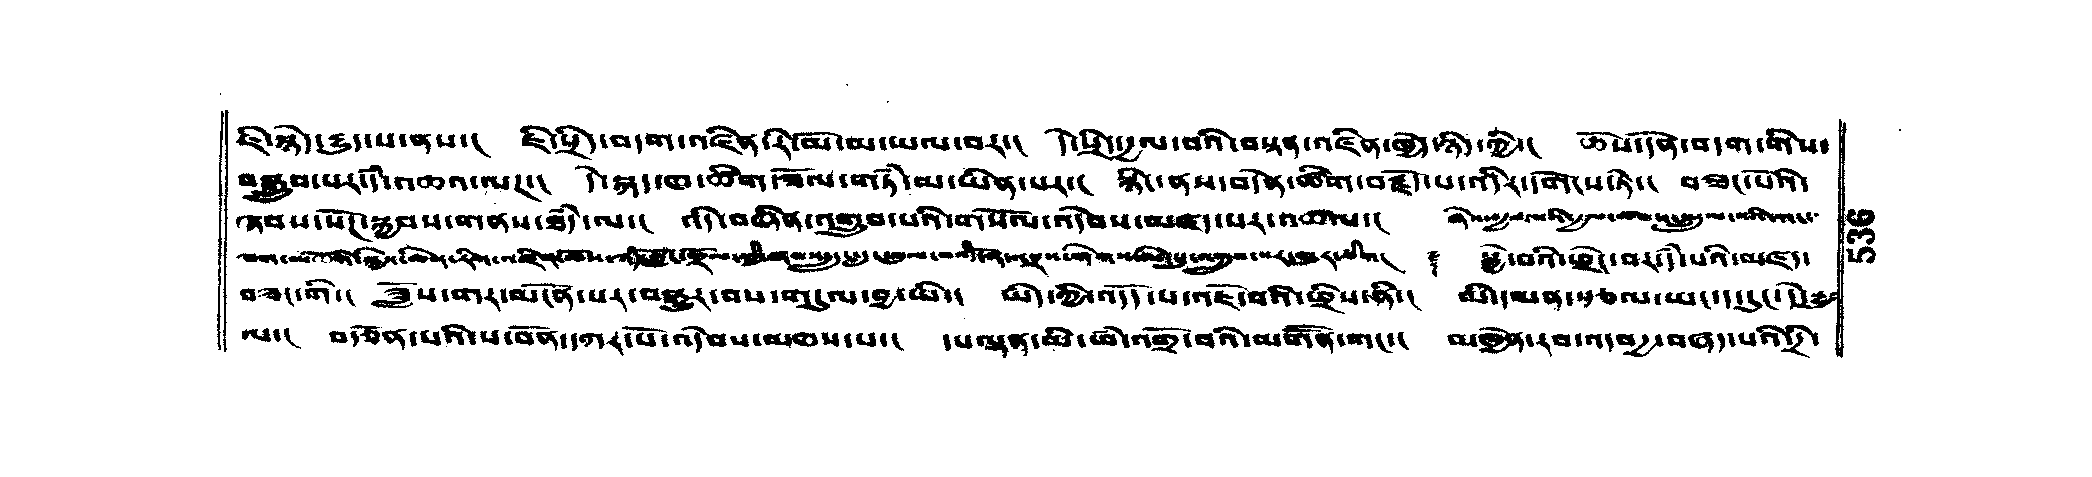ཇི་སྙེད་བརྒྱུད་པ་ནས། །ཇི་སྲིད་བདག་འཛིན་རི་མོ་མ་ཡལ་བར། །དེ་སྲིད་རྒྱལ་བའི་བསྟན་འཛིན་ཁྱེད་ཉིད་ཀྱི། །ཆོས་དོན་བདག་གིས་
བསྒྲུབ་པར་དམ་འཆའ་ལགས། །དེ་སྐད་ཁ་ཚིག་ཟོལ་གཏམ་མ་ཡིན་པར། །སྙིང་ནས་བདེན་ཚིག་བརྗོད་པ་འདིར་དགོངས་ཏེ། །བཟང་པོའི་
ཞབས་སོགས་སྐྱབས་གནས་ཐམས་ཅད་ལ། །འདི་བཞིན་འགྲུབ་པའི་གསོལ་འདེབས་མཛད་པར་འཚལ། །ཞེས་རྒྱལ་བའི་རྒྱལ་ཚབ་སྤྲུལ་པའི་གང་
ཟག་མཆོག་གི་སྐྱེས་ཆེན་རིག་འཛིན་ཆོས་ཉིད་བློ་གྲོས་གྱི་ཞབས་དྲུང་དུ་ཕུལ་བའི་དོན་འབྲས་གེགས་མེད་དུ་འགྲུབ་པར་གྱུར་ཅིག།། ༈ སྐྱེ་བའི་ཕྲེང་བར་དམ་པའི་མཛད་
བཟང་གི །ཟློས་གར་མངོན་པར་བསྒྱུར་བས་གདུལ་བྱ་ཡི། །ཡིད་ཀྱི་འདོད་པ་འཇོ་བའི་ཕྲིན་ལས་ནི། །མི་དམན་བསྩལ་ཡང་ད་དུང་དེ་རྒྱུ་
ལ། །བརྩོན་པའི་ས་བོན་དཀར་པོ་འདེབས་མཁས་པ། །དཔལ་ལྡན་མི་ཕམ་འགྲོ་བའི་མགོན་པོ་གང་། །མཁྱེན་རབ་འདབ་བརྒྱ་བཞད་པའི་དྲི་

§

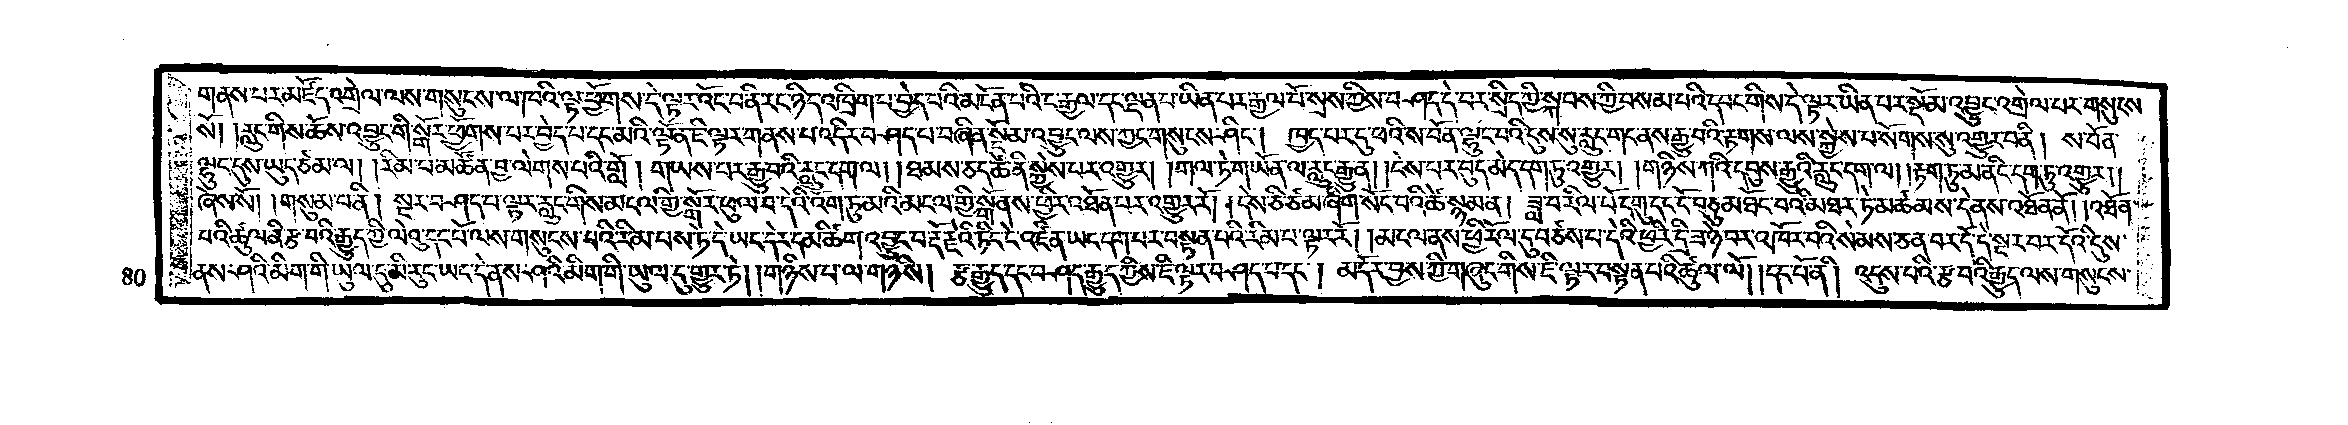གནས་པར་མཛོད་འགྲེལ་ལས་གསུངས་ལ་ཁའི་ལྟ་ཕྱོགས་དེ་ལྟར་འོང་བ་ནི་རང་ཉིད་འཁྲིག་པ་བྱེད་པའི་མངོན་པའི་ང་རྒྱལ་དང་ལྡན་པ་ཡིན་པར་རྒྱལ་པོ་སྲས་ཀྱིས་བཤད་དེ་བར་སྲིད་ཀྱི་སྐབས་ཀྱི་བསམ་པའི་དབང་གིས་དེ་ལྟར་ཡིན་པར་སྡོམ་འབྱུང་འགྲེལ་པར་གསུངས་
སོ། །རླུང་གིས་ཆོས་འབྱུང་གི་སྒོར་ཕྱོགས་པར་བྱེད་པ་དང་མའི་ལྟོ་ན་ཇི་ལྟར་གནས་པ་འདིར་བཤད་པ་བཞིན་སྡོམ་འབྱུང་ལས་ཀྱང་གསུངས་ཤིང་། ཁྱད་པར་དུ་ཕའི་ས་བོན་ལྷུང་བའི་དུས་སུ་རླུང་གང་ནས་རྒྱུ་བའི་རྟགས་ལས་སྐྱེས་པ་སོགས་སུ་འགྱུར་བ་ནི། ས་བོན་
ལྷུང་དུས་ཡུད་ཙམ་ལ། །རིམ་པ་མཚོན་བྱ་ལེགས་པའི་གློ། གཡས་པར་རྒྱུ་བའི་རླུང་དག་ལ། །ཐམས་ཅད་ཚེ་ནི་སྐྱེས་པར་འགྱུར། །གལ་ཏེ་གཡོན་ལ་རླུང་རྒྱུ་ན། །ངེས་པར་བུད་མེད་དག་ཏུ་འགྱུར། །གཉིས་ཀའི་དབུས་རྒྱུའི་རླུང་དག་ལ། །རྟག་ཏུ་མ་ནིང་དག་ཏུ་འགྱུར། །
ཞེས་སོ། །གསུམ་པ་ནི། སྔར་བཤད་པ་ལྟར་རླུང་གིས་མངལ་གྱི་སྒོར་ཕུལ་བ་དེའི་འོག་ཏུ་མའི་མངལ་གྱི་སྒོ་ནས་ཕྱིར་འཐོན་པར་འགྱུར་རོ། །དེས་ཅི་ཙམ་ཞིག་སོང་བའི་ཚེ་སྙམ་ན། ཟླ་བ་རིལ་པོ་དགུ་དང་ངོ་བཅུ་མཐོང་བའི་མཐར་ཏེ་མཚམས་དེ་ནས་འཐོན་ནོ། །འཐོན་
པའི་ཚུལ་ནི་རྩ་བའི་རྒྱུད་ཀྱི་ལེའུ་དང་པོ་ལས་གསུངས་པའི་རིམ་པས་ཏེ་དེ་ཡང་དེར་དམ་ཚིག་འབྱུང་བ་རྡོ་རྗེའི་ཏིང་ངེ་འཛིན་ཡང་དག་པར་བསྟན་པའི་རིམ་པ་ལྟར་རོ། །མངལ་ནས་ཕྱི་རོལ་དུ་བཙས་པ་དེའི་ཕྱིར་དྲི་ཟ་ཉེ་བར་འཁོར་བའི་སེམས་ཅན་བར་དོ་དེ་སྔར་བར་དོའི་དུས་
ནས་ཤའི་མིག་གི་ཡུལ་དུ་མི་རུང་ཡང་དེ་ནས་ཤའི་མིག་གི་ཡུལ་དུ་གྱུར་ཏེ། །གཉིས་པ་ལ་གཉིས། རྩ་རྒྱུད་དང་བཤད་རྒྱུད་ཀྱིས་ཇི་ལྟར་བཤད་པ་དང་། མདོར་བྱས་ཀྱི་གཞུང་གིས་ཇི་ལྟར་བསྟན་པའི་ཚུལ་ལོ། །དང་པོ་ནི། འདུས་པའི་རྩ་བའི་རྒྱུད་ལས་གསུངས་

§

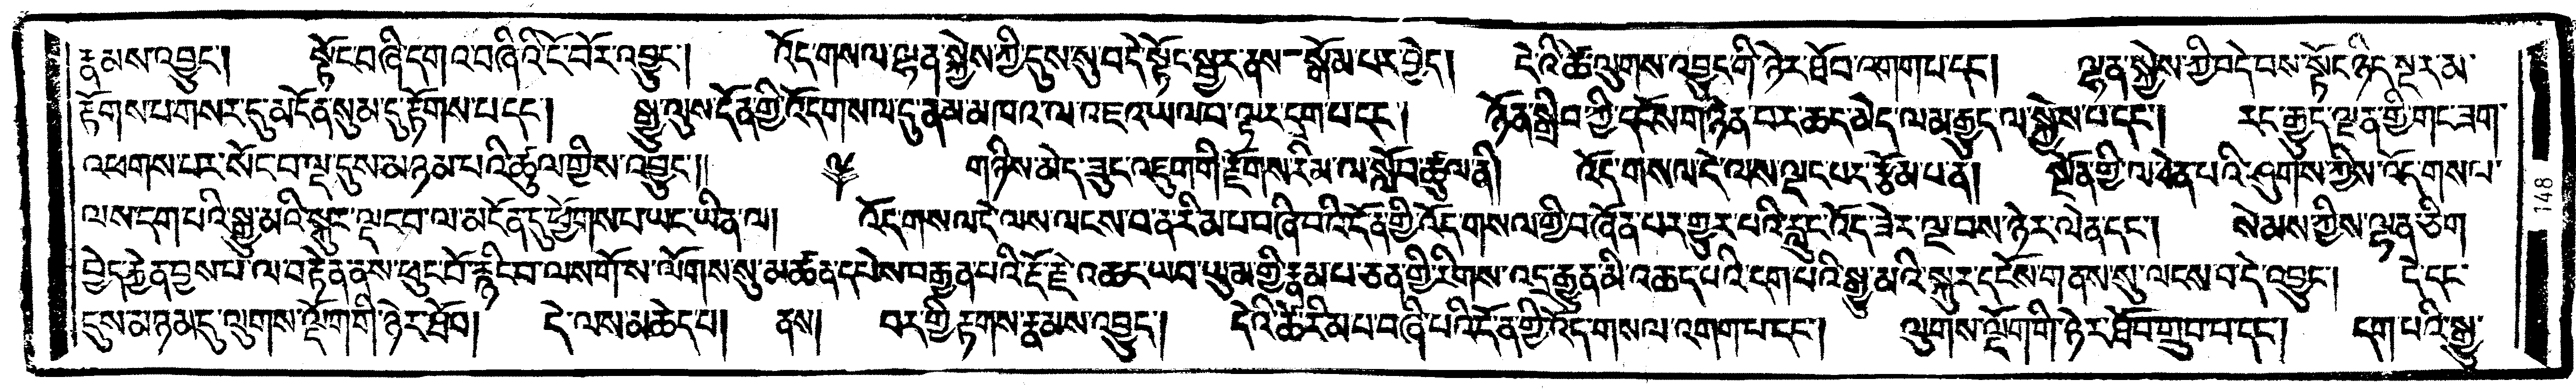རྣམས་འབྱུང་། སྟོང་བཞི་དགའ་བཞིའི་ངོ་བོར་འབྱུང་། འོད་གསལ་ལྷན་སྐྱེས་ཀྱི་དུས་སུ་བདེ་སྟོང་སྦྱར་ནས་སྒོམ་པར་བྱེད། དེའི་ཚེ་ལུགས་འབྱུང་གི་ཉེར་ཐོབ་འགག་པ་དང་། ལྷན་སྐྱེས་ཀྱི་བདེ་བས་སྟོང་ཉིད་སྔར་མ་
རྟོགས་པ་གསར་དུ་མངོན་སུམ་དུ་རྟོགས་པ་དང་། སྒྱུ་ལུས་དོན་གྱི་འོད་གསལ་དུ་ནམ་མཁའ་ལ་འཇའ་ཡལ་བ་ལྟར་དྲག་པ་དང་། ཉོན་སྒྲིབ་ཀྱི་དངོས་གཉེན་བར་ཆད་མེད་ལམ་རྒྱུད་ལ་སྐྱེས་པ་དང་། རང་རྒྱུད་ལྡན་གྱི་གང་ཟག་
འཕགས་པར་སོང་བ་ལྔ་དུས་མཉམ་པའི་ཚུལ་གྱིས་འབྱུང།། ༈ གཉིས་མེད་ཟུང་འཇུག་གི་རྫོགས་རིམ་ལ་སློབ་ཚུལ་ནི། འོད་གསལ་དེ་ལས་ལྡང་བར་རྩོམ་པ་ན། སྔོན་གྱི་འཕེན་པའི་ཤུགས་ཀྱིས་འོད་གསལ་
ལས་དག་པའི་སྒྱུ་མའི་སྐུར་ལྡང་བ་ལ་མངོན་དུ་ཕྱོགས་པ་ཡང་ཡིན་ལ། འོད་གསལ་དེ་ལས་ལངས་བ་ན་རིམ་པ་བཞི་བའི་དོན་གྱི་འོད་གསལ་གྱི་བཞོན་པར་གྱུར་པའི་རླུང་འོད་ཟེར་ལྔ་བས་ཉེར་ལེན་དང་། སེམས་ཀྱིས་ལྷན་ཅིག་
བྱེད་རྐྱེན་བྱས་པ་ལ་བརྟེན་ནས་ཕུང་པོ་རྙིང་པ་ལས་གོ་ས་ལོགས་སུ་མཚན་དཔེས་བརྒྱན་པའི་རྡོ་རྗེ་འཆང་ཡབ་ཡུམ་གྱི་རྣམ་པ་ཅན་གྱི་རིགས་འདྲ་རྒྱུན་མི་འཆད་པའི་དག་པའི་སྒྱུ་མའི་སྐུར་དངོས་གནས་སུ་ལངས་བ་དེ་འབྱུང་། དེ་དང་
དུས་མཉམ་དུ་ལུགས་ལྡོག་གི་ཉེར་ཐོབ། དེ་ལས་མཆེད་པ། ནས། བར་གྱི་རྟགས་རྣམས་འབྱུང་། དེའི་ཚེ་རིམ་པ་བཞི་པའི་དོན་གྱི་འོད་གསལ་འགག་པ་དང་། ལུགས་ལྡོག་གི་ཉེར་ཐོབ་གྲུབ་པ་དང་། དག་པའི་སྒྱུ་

§

- WHAT YOU SHOULD DO:
Print, without alteration, only the lines above between the one holding "བྱེད་རྐྱེན་བྱས" and the one holding "དུས་མཉམ་དུ་ལུགས་ལྡོག་གི་ཉེར་ཐོབ། དེ་ལས་མཆེད་པ། ནས།", inclusive.

- SOLUTION TO THE PROBLEM:
བྱེད་རྐྱེན་བྱས་པ་ལ་བརྟེན་ནས་ཕུང་པོ་རྙིང་པ་ལས་གོ་ས་ལོགས་སུ་མཚན་དཔེས་བརྒྱན་པའི་རྡོ་རྗེ་འཆང་ཡབ་ཡུམ་གྱི་རྣམ་པ་ཅན་གྱི་རིགས་འདྲ་རྒྱུན་མི་འཆད་པའི་དག་པའི་སྒྱུ་མའི་སྐུར་དངོས་གནས་སུ་ལངས་བ་དེ་འབྱུང་། དེ་དང་
དུས་མཉམ་དུ་ལུགས་ལྡོག་གི་ཉེར་ཐོབ། དེ་ལས་མཆེད་པ། ནས། བར་གྱི་རྟགས་རྣམས་འབྱུང་། དེའི་ཚེ་རིམ་པ་བཞི་པའི་དོན་གྱི་འོད་གསལ་འགག་པ་དང་། ལུགས་ལྡོག་གི་ཉེར་ཐོབ་གྲུབ་པ་དང་། དག་པའི་སྒྱུ་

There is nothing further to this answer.